Stichting Islamitisch Primair Onderwijs Rijnmond (hierna: SIPOR) is een onderwijsorganisatie met vier basisscholen. Een van deze basisscholen is de [naam basisschool] school te Rotterdam. Op 9 januari 2015 heeft [verzoeker], als zelfstandige, werkzaamheden
verricht op deze school. Tijdens de uitvoering van deze werkzaamheden is [verzoeker] van een door de school ter beschikking gestelde ladder gevallen en heeft hij letsel opgelopen.

2.2.
[verzoeker] heeft de [naam basisschool] aansprakelijk gesteld voor zijn letselschade. Achmea is de aansprakelijkheidsverzekeraar van SIPOR en heeft de aansprakelijkheid voor het ongeval erkend.

2.3.
Over de afwikkeling van de schade van [verzoeker] heeft overleg plaatsgevonden. De visie van partijen over de schade wegens het verlies van arbeidsvermogen ligt ver uiteen.

3.
De standpunten van partijen

3.1.
[verzoeker] verzoekt een voorlopig getuigenverhoor te gelasten.

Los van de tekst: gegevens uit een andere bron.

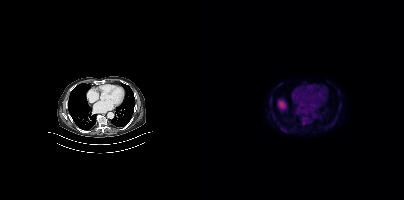
- Paired axial CT (left) and PSMA PET (right), 18F-PSMA tracer
- PET panel 200×200 px (4.1 mm/px)
Findings: Coordinates are on the 200×200 PET (right) panel. Small PSMA-avid focus (2 to 4 px across) near (center x, center y): (99, 123).
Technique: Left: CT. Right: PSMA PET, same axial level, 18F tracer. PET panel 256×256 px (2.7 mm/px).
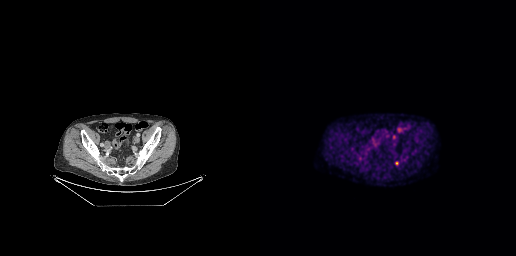
Findings: Coordinates are on the 256×256 PET (right) panel. PSMA-avid tumor lesion bounding box (x0,y0,x1,y1): [135,161,138,165]. Small PSMA-avid focus (2 to 4 px across) near (center x, center y): (134, 136).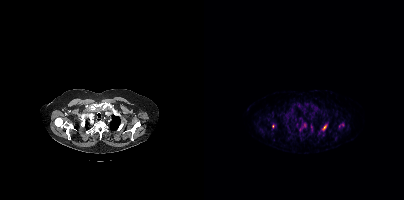
Findings: Coordinates are on the 200×200 PET (right) panel. PSMA-avid tumor lesion bounding boxes (x0, y0)-(x1, y1): (117, 124)-(123, 131) / (95, 124)-(102, 131) / (135, 124)-(139, 127). Small PSMA-avid focus (2 to 4 px across) near (center x, center y): (68, 126).
- Paired axial CT (left) and PSMA PET (right), 68Ga tracer
- PET panel 200×200 px (4.1 mm/px)
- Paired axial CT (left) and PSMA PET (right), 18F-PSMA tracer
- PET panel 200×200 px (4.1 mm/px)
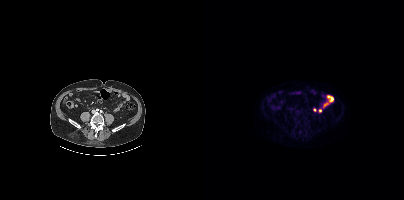
Findings: This slice has no annotated PSMA-avid lesion.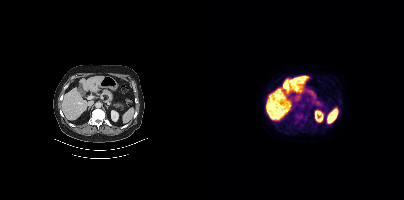
Coordinates are on the 200×200 PET (right) panel. PSMA-avid tumor lesion bounding box (x, y, width, height): x=90 y=111 w=16 h=13. Small PSMA-avid focus (2 to 4 px across) near (center x, center y): (135, 99).
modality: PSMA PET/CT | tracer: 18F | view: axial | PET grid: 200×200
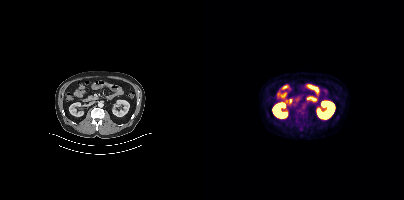
This slice has no annotated PSMA-avid lesion.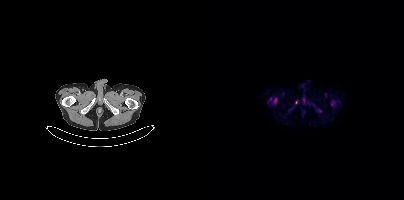
Technique: Left: CT. Right: PSMA PET, same axial level, 18F tracer. acquired on Siemens Biograph mCT Flow 20. slice 32 of 403. PET panel 200×200 px (4.1 mm/px).
Findings: Coordinates are on the 200×200 PET (right) panel. (showing 1 of 2 foci) Small PSMA-avid focus (2 to 4 px across) near (center x, center y): (71, 100).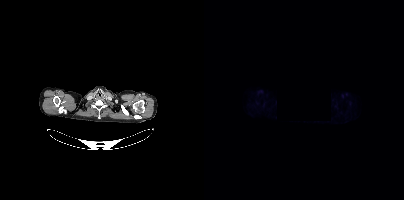
Left: CT. Right: PSMA PET, same axial level, 18F-PSMA tracer. A rectangular privacy mask was applied before release. No PSMA-avid tumor lesions on this slice.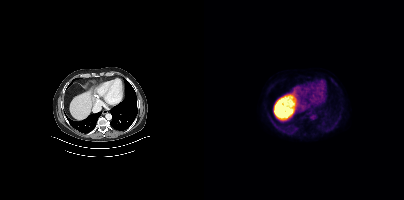
No tumor lesions annotated on this slice.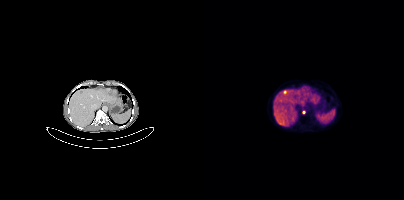
Coordinates are on the 200×200 PET (right) panel. Small PSMA-avid focus (2 to 4 px across) near (center x, center y): (99, 112). Left: CT. Right: PSMA PET, same axial level, [68Ga]Ga-PSMA-11 tracer. Acquired on Siemens Biograph mCT Flow 20. Slice 224 of 409.
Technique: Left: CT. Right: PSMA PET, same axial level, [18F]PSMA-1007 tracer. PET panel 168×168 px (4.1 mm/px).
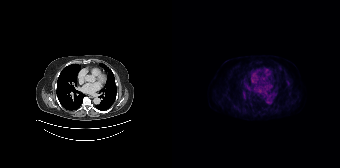
Findings: No tumor lesions annotated on this slice.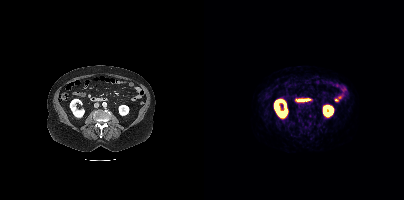
This slice has no annotated PSMA-avid lesion.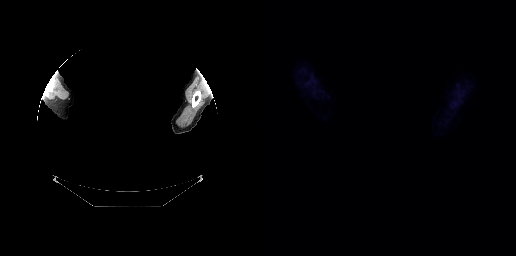
redaction: rectangular block over head set to black | modality: PSMA PET/CT | tracer: 18F-PSMA | view: axial | PET grid: 256×256
Negative for PSMA-avid disease on this slice.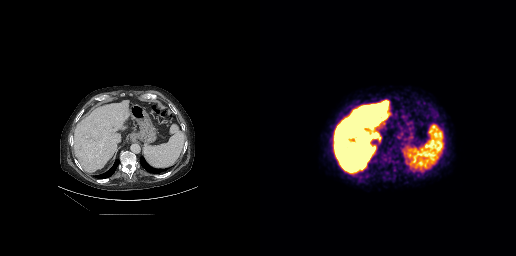
Coordinates are on the 256×256 PET (right) panel. PSMA-avid tumor lesion bounding box (x, y, width, height): x=121 y=153 w=14 h=13. Small PSMA-avid focus (2 to 4 px across) near (center x, center y): (77, 120).
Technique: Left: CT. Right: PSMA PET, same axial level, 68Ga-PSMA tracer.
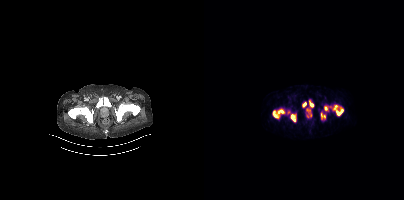
Findings: No tumor lesions annotated on this slice.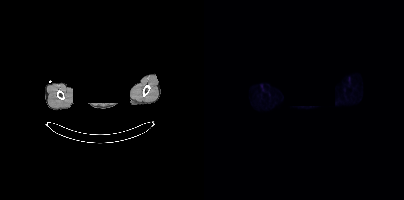
Technique: Left: CT. Right: PSMA PET, same axial level, [18F]PSMA-1007 tracer. PET panel 200×200 px (4.1 mm/px).
Note: The head region is masked for de-identification.
Findings: Negative for PSMA-avid disease on this slice.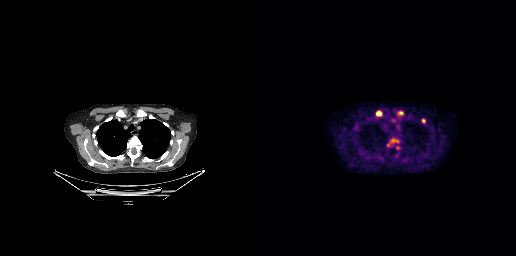
{"pet_grid":[256,256],"coord_frame":"pet_panel","coord_format":"x0,y0,x1,y1","partial":true,"lesion_bboxes":[[116,111,121,116],[130,137,138,142],[138,111,143,114]],"small_foci_centers":[[163,120]],"modality":"PSMA PET/CT","view":"axial","tracer":"18F"}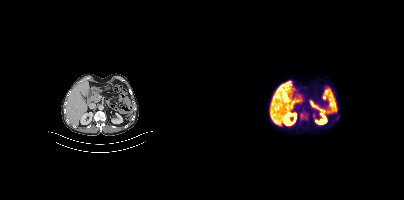
This slice has no annotated PSMA-avid lesion.
modality: PSMA PET/CT | tracer: 18F-PSMA | view: axial | PET grid: 200×200
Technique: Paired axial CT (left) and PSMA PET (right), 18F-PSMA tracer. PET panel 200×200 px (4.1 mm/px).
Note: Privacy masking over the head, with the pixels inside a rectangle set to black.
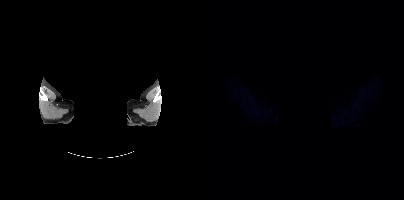
Findings: No PSMA-avid tumor lesions on this slice.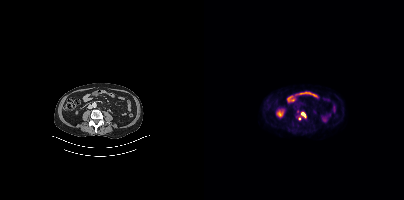
{"pet_grid":[200,200],"coord_frame":"pet_panel","coord_format":"x0,y0,x1,y1","lesion_bboxes":[[97,112,101,116]],"small_foci_centers":[[95,118]],"modality":"PSMA PET/CT","view":"axial","tracer":"18F-PSMA"}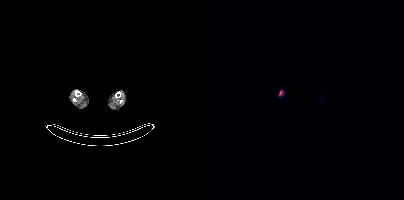
{"pet_grid":[200,200],"coord_frame":"pet_panel","coord_format":"x0,y0,x1,y1","lesion_bboxes":[[75,90,78,95]],"modality":"PSMA PET/CT","view":"axial","tracer":"18F"}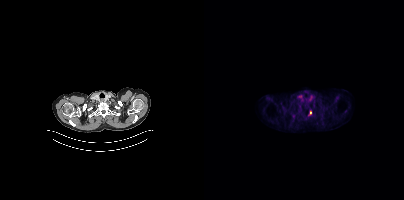
Technique: Left: CT. Right: PSMA PET, same axial level, 18F-PSMA tracer. slice 355 of 423.
Findings: Coordinates are on the 200×200 PET (right) panel. PSMA-avid tumor lesion bounding box (x0, y0)-(x1, y1): (104, 110)-(107, 115).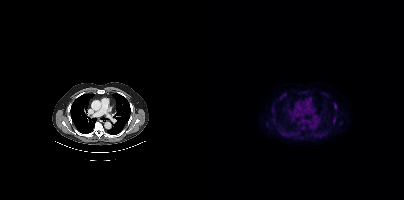
This slice has no annotated PSMA-avid lesion. Paired axial CT (left) and PSMA PET (right), [18F]PSMA-1007 tracer. Acquired on Siemens Biograph mCT Flow 20. Slice 299 of 417. PET panel 200×200 px (4.1 mm/px).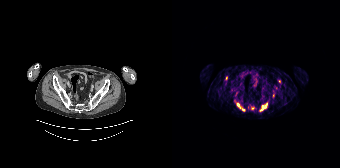
modality: PSMA PET/CT | tracer: 68Ga-PSMA | view: axial
Coordinates are on the 168×168 PET (right) panel. (showing 4 of 5 foci) PSMA-avid tumor lesion bounding box (x0, y0)-(x1, y1): (90, 105)-(94, 109). Small PSMA-avid foci (2 to 4 px across) near (center x, center y): (71, 109) | (67, 106) | (80, 108).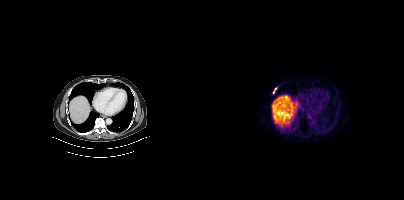
Findings: Coordinates are on the 200×200 PET (right) panel. Small PSMA-avid foci (2 to 4 px across) near (center x, center y): (69, 92); (71, 88).
Technique: Two-panel axial: CT | PSMA PET, [68Ga]Ga-PSMA-11 tracer. acquired on Siemens Biograph mCT Flow 20. slice position z = -1106 mm. PET panel 200×200 px (4.1 mm/px).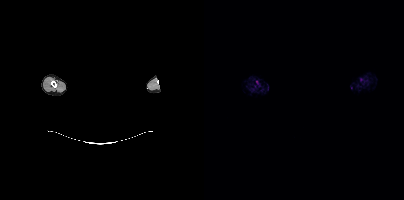
This slice has no annotated PSMA-avid lesion. A rectangle over the head was blacked out to remove identifiable facial features. Left: CT. Right: PSMA PET, same axial level, [18F]PSMA-1007 tracer.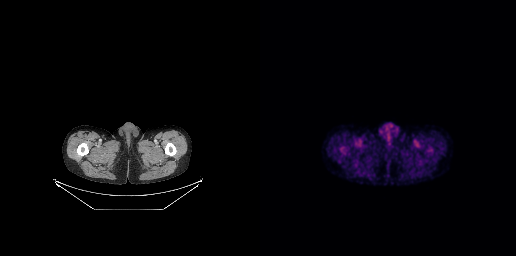
Findings: No tumor lesions annotated on this slice.
Technique: Left: CT. Right: PSMA PET, same axial level, 18F-PSMA tracer.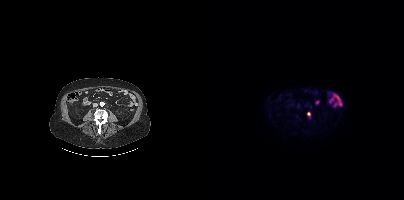
Two-panel axial: CT | PSMA PET, [18F]PSMA-1007 tracer. Coordinates are on the 200×200 PET (right) panel. Small PSMA-avid focus (2 to 4 px across) near (center x, center y): (104, 113).
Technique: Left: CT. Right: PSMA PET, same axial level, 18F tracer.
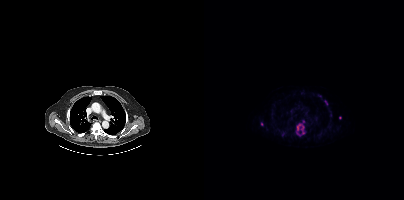
Findings: Coordinates are on the 200×200 PET (right) panel. PSMA-avid tumor lesion bounding boxes (x, y, width, height): x=93 y=124 w=4 h=7; x=97 y=126 w=4 h=8. Small PSMA-avid foci (2 to 4 px across) near (center x, center y): (122, 102); (99, 121); (135, 117); (57, 123); (93, 133).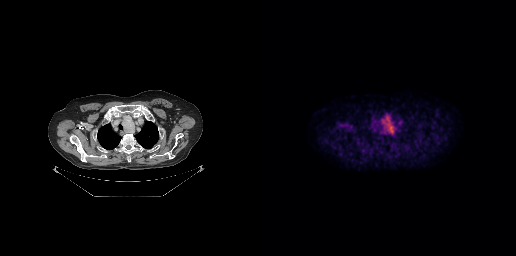
Findings: Coordinates are on the 256×256 PET (right) panel. PSMA-avid tumor lesion bounding box (x, y, width, height): x=121 y=114 w=16 h=20.
Technique: Paired axial CT (left) and PSMA PET (right), [18F]PSMA-1007 tracer. PET panel 256×256 px (2.7 mm/px).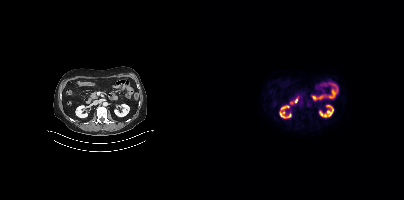
Technique: Left: CT. Right: PSMA PET, same axial level, [18F]PSMA-1007 tracer. slice 203 of 436.
Findings: This slice has no annotated PSMA-avid lesion.
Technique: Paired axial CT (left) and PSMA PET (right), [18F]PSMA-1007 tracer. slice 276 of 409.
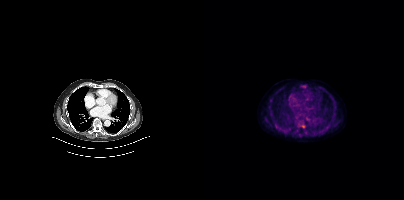
Findings: Coordinates are on the 200×200 PET (right) panel. PSMA-avid tumor lesion bounding box (x0,y0,x1,y1): [96,123,101,128].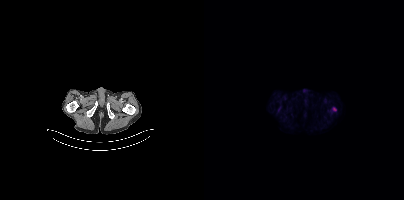
This slice has no annotated PSMA-avid lesion. Two-panel axial: CT | PSMA PET, 18F-PSMA tracer.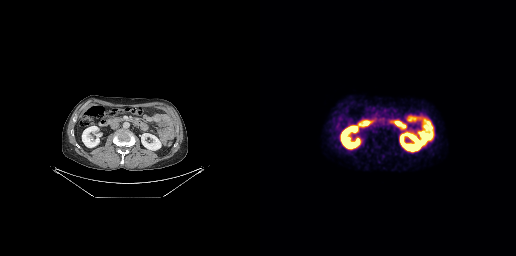
Technique: Paired axial CT (left) and PSMA PET (right), [18F]PSMA-1007 tracer. acquired on GE Discovery 690. PET panel 256×256 px (2.7 mm/px).
Findings: No PSMA-avid tumor lesions on this slice.

Hij legt het volgende aan zijn verzoek ten grondslag dat hij inkomen genereert met uit zijn eenmanszaak. Bij de bepaling van de inkomenssituatie zonder ongeval dient rekening te worden gehouden met de resultaten van de onderneming van [verzoeker], zoals deze uit de gepresenteerde jaarstukken blijken en met de door hem gerealiseerde, niet in de administratie verwerkte omzet. [verzoeker] heeft ten behoeve van de bedrijfseconomische analyse aan Achmea over de jaren 2013 en 2014 een overzicht verstrekt van de niet in de boekhouding verwerkte omzet van € 51.500,-en € 51.750,-- vergezeld van facturen en getuigenverklaringen. Achmea stelt zich op het standpunt dat deze verdiensten niet voldoende aannemelijk zijn gemaakt. [verzoeker] wenst nader bewijs van deze verdiensten te leveren door middel van getuigenverklaringen. In zijn verzoekschrift stelt hij dat deze getuigen, uit zijn omgeving, kunnen verklaren over zijn inkomsten- en uitgavenpatroon voor het ongeval, wat een indicatie vormt van zijn welstand en dus van zijn verdiensten. In zijn reactie op het verweerschrift stelt [verzoeker] dat hij een (rechtmatig) belang bij zijn verzoek heeft. Weliswaar is sprake van zwarte inkomsten maar de daaraan ten grondslag liggende economische activiteiten zijn rechtmatig. [verzoeker] wil voorts het onderwerp van het getuigenverhoor uitbreiden zodat het ook gaat over de uren die hij in zijn onderneming besteedde, wil hij zelf verklaren over zijn inkomsten en wil hij enkele klanten doen horen over verrichte diensten en geleverde goederen.
[verzoeker] verzoekt om de volgende getuigen te horen: [verzoeker] zelf, zijn zoon, de heer [naam zoon], zijn echtgenote, mevrouw [naam echtgenote], zijn broer, [naam broer] en- zijn zwager de heer [naam zwager].

3.2.
Achmea concludeert tot afwijzing van het verzoek, kosten rechtens. Primair voert Achmea aan dat [verzoeker] geen belang heeft bij toewijzing van het verzoek nu zijn gestelde gemiste zwarte inkomsten hoe dan ook niet voor vergoeding in aanmerking komen. De gestelde inkomsten uit zwart werk niet dienen mee te tellen voor het bepalen van zijn inkomen in de hypothetische situatie zonder ongeval. Bedoelde inkomsten komen, onder meer gelet op de artikelen 69 AWR, 3:40 BW en 6:162 BW, niet als schade wegens verlies aan verdienvermogen voor vergoeding door Achmea in aanmerking. Van belang is dat de feiten die [verzoeker] stelt te willen bewijzen met het horen van de door hem genoemde getuigen, niet tot een beslissing van de zaak kunnen leiden. Niet in te zien valt hoe verklaringen over een inkomsten- en uitgavenpatroon kunnen bijdragen aan het bewijs van de stelling dat [verzoeker] inkomsten uit zwart werk had. Verder is van belang van [verzoeker] geen klanten als getuigen opvoert en dat de getuigen die hij wel opvoert niet voorkomen op de lijst van klanten voor wie [verzoeker] stelt te hebben gewerkt.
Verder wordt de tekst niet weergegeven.